> Task prompt
Please retype the records below exactly, leaving out any pictures.

> Available data

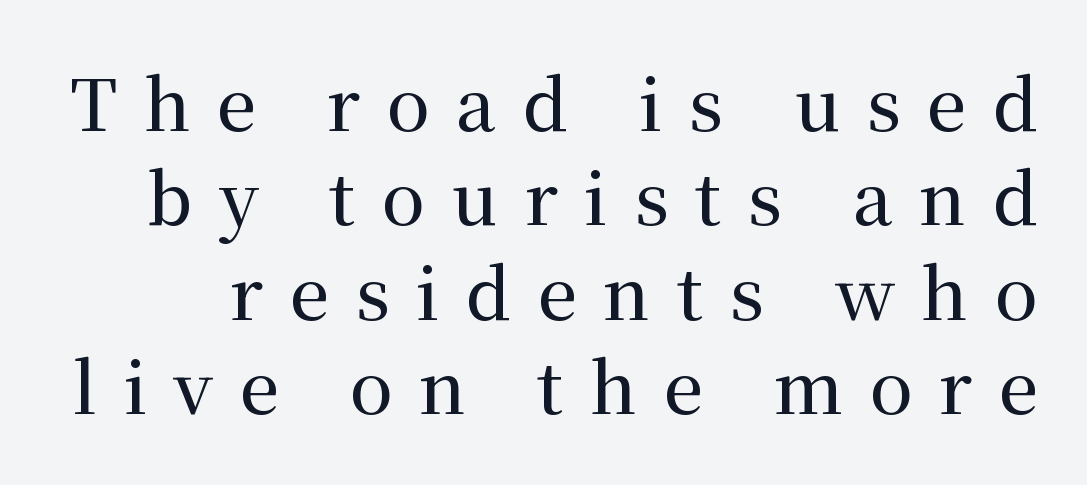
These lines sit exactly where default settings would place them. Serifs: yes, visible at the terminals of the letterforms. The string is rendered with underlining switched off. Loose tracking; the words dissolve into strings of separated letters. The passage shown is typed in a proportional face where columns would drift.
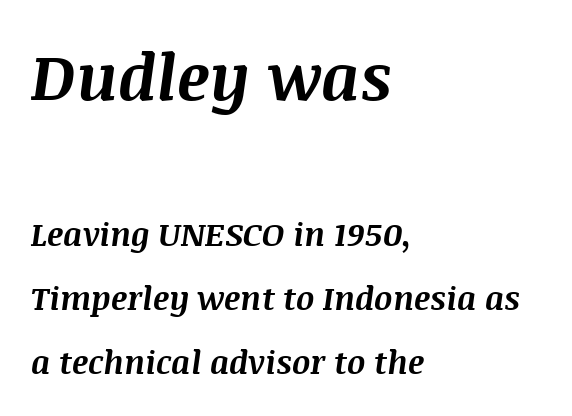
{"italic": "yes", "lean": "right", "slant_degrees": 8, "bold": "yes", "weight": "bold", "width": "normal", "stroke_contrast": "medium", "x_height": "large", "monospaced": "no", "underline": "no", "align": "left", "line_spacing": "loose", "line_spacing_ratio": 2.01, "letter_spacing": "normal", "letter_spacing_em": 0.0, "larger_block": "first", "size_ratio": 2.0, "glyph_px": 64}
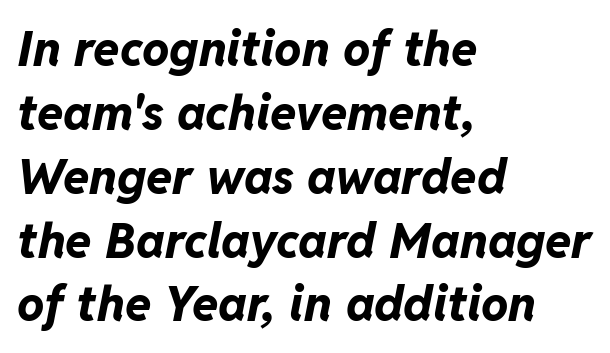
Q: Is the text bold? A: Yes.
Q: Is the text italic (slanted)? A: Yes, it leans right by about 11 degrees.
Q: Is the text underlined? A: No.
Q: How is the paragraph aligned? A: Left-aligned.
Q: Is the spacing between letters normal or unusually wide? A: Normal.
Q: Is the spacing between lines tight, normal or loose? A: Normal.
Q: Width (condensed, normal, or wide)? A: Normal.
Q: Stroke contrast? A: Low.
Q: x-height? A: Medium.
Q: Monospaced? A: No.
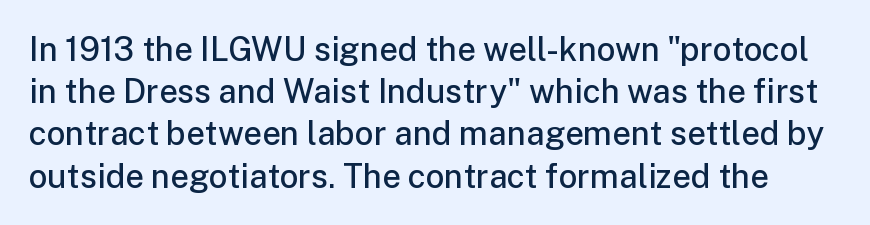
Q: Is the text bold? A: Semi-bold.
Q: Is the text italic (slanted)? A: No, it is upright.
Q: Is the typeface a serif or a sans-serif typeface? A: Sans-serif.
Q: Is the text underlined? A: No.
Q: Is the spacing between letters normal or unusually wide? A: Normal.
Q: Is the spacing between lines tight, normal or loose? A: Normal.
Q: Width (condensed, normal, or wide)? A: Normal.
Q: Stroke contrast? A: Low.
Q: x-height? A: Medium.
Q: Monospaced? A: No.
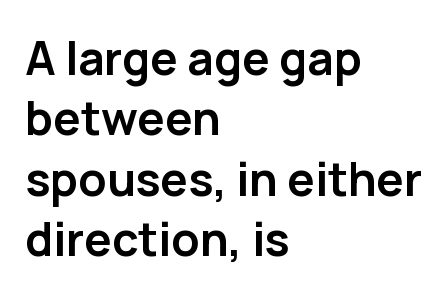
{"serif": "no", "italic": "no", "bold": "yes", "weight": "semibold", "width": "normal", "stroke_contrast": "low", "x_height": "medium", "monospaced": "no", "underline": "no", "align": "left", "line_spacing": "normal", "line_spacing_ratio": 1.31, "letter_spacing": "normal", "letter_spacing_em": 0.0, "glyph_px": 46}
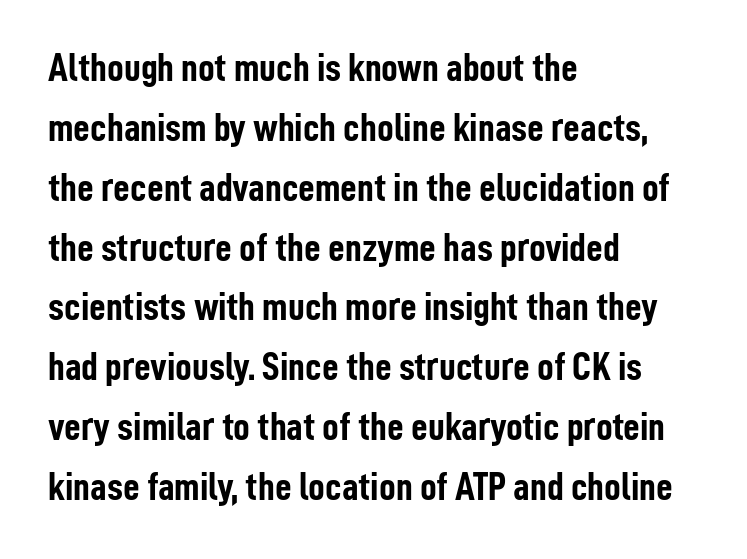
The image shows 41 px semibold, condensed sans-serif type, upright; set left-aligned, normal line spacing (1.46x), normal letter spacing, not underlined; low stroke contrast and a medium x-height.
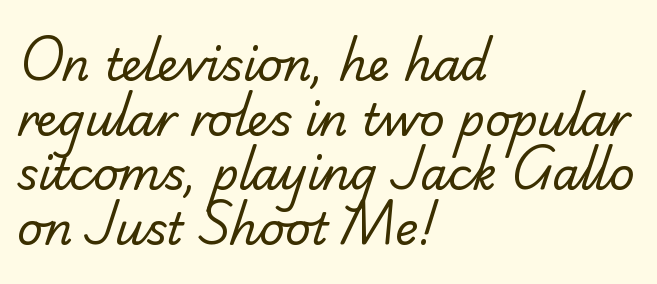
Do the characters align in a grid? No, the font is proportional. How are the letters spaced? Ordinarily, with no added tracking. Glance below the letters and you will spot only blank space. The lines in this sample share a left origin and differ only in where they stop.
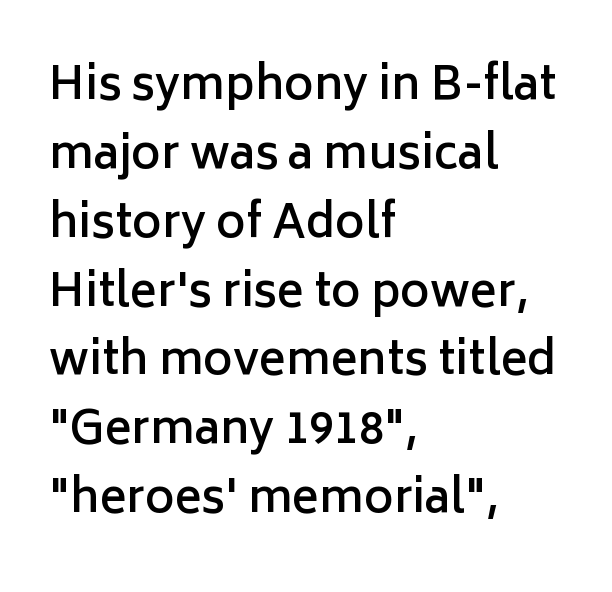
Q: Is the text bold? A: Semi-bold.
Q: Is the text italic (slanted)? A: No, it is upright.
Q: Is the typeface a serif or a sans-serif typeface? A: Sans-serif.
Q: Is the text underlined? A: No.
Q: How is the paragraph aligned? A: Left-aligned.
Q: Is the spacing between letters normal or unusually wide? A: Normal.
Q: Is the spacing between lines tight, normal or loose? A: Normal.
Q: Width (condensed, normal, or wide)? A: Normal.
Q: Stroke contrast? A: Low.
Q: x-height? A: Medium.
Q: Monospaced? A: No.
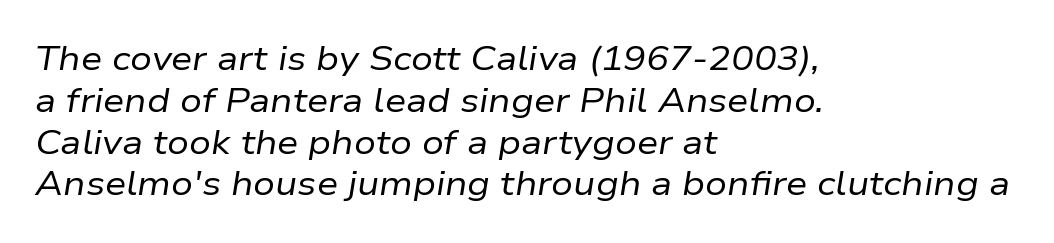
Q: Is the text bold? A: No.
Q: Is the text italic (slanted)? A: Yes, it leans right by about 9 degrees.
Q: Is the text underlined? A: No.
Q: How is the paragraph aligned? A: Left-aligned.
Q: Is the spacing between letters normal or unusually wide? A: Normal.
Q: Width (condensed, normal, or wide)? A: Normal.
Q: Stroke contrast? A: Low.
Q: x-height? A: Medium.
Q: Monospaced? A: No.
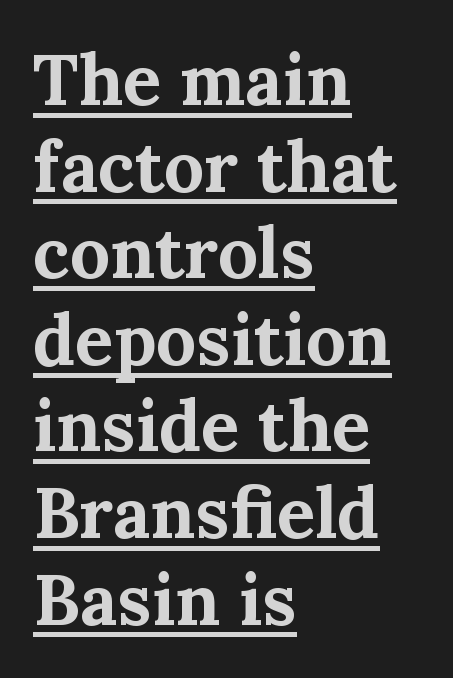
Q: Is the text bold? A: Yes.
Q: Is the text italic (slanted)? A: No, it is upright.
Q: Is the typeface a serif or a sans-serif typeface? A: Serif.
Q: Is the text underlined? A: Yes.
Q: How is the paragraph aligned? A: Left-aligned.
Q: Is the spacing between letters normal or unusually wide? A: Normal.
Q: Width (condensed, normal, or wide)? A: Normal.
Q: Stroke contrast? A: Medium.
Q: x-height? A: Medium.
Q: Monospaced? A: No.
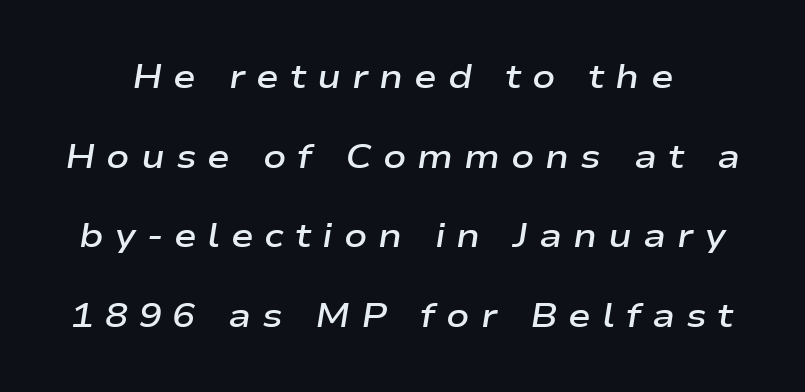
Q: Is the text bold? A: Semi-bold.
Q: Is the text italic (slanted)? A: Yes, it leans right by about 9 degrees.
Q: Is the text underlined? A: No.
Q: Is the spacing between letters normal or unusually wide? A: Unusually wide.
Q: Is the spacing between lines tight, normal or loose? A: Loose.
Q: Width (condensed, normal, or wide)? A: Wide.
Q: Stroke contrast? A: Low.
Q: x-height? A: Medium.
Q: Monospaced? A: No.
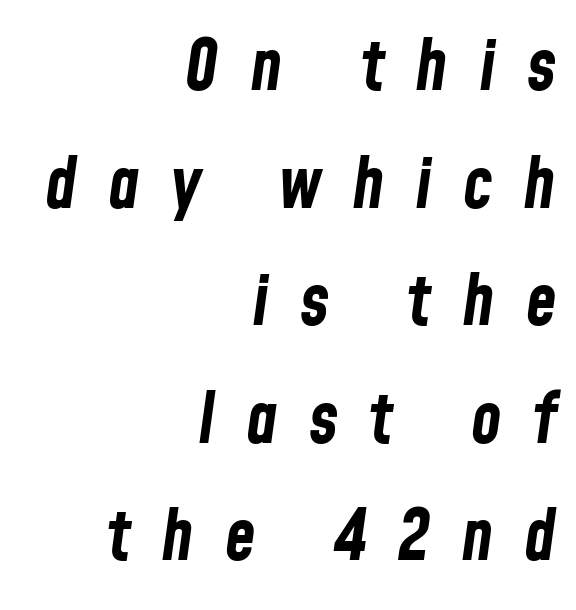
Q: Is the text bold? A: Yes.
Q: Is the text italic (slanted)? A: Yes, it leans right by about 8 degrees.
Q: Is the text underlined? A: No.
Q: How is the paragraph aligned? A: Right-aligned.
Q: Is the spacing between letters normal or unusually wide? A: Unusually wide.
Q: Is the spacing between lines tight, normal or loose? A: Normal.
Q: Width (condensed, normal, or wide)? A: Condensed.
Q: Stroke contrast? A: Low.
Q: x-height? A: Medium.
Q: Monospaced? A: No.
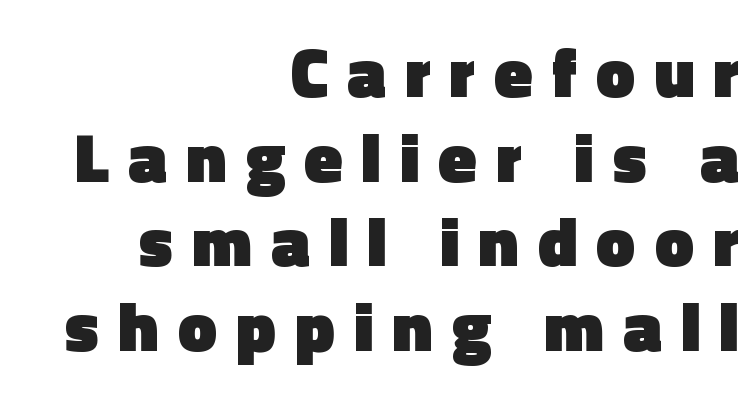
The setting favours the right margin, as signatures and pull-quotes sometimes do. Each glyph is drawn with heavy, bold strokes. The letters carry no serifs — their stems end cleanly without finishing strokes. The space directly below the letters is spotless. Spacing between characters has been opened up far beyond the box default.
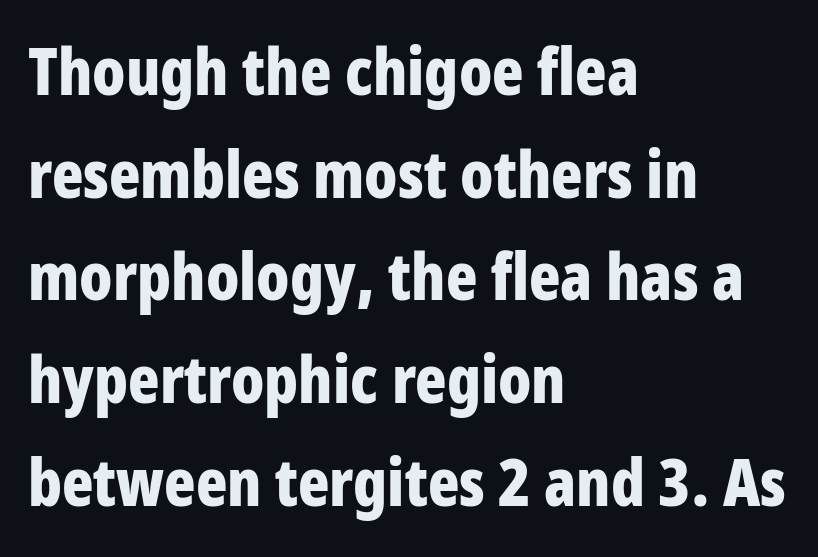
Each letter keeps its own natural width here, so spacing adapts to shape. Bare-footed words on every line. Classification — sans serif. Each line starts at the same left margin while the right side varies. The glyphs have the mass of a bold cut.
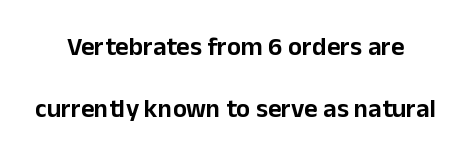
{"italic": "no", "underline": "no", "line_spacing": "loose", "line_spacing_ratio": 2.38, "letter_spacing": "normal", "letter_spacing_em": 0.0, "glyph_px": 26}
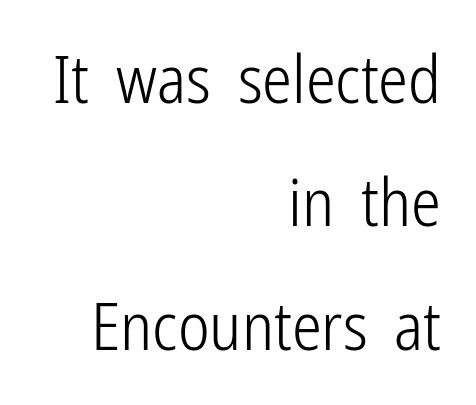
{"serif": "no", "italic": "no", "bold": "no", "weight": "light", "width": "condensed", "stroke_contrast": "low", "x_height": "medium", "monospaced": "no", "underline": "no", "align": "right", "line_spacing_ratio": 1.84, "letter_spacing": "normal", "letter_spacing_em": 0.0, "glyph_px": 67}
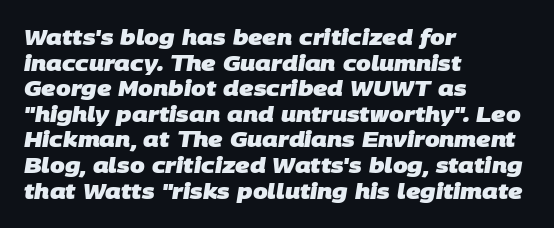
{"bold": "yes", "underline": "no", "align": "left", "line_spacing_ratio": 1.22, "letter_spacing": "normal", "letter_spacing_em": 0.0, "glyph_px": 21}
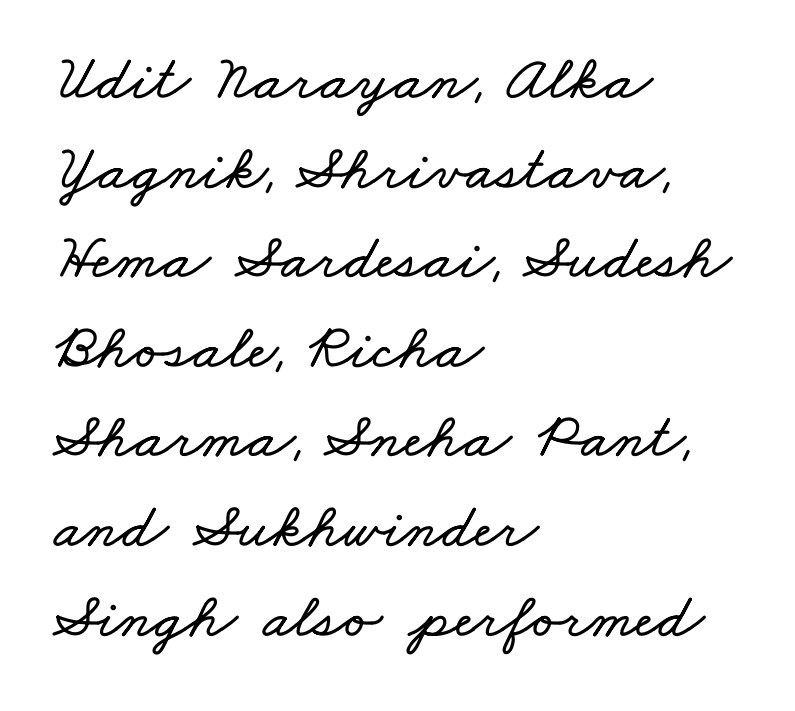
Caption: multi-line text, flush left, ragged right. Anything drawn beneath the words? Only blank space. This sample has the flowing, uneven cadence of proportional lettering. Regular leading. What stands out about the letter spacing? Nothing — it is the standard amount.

> Task result
These lines sit exactly where default settings would place them. Serifs: yes, visible at the terminals of the letterforms. The string is rendered with underlining switched off. Loose tracking; the words dissolve into strings of separated letters. The passage shown is typed in a proportional face where columns would drift.
{"italic": "yes", "lean": "right", "slant_degrees": 8, "bold": "yes", "weight": "bold", "width": "normal", "stroke_contrast": "medium", "x_height": "large", "monospaced": "no", "underline": "no", "align": "left", "line_spacing": "loose", "line_spacing_ratio": 2.01, "letter_spacing": "normal", "letter_spacing_em": 0.0, "larger_block": "first", "size_ratio": 2.0, "glyph_px": 64}
Q: Is the text bold? A: Yes.
Q: Is the text italic (slanted)? A: Yes, it leans right by about 11 degrees.
Q: Is the text underlined? A: No.
Q: How is the paragraph aligned? A: Left-aligned.
Q: Is the spacing between letters normal or unusually wide? A: Normal.
Q: Is the spacing between lines tight, normal or loose? A: Normal.
Q: Width (condensed, normal, or wide)? A: Normal.
Q: Stroke contrast? A: Low.
Q: x-height? A: Medium.
Q: Monospaced? A: No.
Q: Is the text bold? A: Semi-bold.
Q: Is the text italic (slanted)? A: No, it is upright.
Q: Is the typeface a serif or a sans-serif typeface? A: Sans-serif.
Q: Is the text underlined? A: No.
Q: Is the spacing between letters normal or unusually wide? A: Normal.
Q: Is the spacing between lines tight, normal or loose? A: Normal.
Q: Width (condensed, normal, or wide)? A: Normal.
Q: Stroke contrast? A: Low.
Q: x-height? A: Medium.
Q: Monospaced? A: No.
{"serif": "no", "italic": "no", "bold": "yes", "weight": "semibold", "width": "normal", "stroke_contrast": "low", "x_height": "medium", "monospaced": "no", "underline": "no", "align": "left", "line_spacing": "normal", "line_spacing_ratio": 1.31, "letter_spacing": "normal", "letter_spacing_em": 0.0, "glyph_px": 46}
The image shows 41 px semibold, condensed sans-serif type, upright; set left-aligned, normal line spacing (1.46x), normal letter spacing, not underlined; low stroke contrast and a medium x-height.
Do the characters align in a grid? No, the font is proportional. How are the letters spaced? Ordinarily, with no added tracking. Glance below the letters and you will spot only blank space. The lines in this sample share a left origin and differ only in where they stop.
Q: Is the text bold? A: Semi-bold.
Q: Is the text italic (slanted)? A: No, it is upright.
Q: Is the typeface a serif or a sans-serif typeface? A: Sans-serif.
Q: Is the text underlined? A: No.
Q: How is the paragraph aligned? A: Left-aligned.
Q: Is the spacing between letters normal or unusually wide? A: Normal.
Q: Is the spacing between lines tight, normal or loose? A: Normal.
Q: Width (condensed, normal, or wide)? A: Normal.
Q: Stroke contrast? A: Low.
Q: x-height? A: Medium.
Q: Monospaced? A: No.
Q: Is the text bold? A: No.
Q: Is the text italic (slanted)? A: Yes, it leans right by about 9 degrees.
Q: Is the text underlined? A: No.
Q: How is the paragraph aligned? A: Left-aligned.
Q: Is the spacing between letters normal or unusually wide? A: Normal.
Q: Width (condensed, normal, or wide)? A: Normal.
Q: Stroke contrast? A: Low.
Q: x-height? A: Medium.
Q: Monospaced? A: No.
Q: Is the text bold? A: Yes.
Q: Is the text italic (slanted)? A: No, it is upright.
Q: Is the typeface a serif or a sans-serif typeface? A: Serif.
Q: Is the text underlined? A: Yes.
Q: How is the paragraph aligned? A: Left-aligned.
Q: Is the spacing between letters normal or unusually wide? A: Normal.
Q: Width (condensed, normal, or wide)? A: Normal.
Q: Stroke contrast? A: Medium.
Q: x-height? A: Medium.
Q: Monospaced? A: No.
Q: Is the text bold? A: Semi-bold.
Q: Is the text italic (slanted)? A: Yes, it leans right by about 9 degrees.
Q: Is the text underlined? A: No.
Q: Is the spacing between letters normal or unusually wide? A: Unusually wide.
Q: Is the spacing between lines tight, normal or loose? A: Loose.
Q: Width (condensed, normal, or wide)? A: Wide.
Q: Stroke contrast? A: Low.
Q: x-height? A: Medium.
Q: Monospaced? A: No.
Q: Is the text bold? A: Yes.
Q: Is the text italic (slanted)? A: Yes, it leans right by about 8 degrees.
Q: Is the text underlined? A: No.
Q: How is the paragraph aligned? A: Right-aligned.
Q: Is the spacing between letters normal or unusually wide? A: Unusually wide.
Q: Is the spacing between lines tight, normal or loose? A: Normal.
Q: Width (condensed, normal, or wide)? A: Condensed.
Q: Stroke contrast? A: Low.
Q: x-height? A: Medium.
Q: Monospaced? A: No.
The setting favours the right margin, as signatures and pull-quotes sometimes do. Each glyph is drawn with heavy, bold strokes. The letters carry no serifs — their stems end cleanly without finishing strokes. The space directly below the letters is spotless. Spacing between characters has been opened up far beyond the box default.
Each letter keeps its own natural width here, so spacing adapts to shape. Bare-footed words on every line. Classification — sans serif. Each line starts at the same left margin while the right side varies. The glyphs have the mass of a bold cut.
{"italic": "no", "underline": "no", "line_spacing": "loose", "line_spacing_ratio": 2.38, "letter_spacing": "normal", "letter_spacing_em": 0.0, "glyph_px": 26}
{"serif": "no", "italic": "no", "bold": "no", "weight": "light", "width": "condensed", "stroke_contrast": "low", "x_height": "medium", "monospaced": "no", "underline": "no", "align": "right", "line_spacing_ratio": 1.84, "letter_spacing": "normal", "letter_spacing_em": 0.0, "glyph_px": 67}
{"bold": "yes", "underline": "no", "align": "left", "line_spacing_ratio": 1.22, "letter_spacing": "normal", "letter_spacing_em": 0.0, "glyph_px": 21}
Caption: multi-line text, flush left, ragged right. Anything drawn beneath the words? Only blank space. This sample has the flowing, uneven cadence of proportional lettering. Regular leading. What stands out about the letter spacing? Nothing — it is the standard amount.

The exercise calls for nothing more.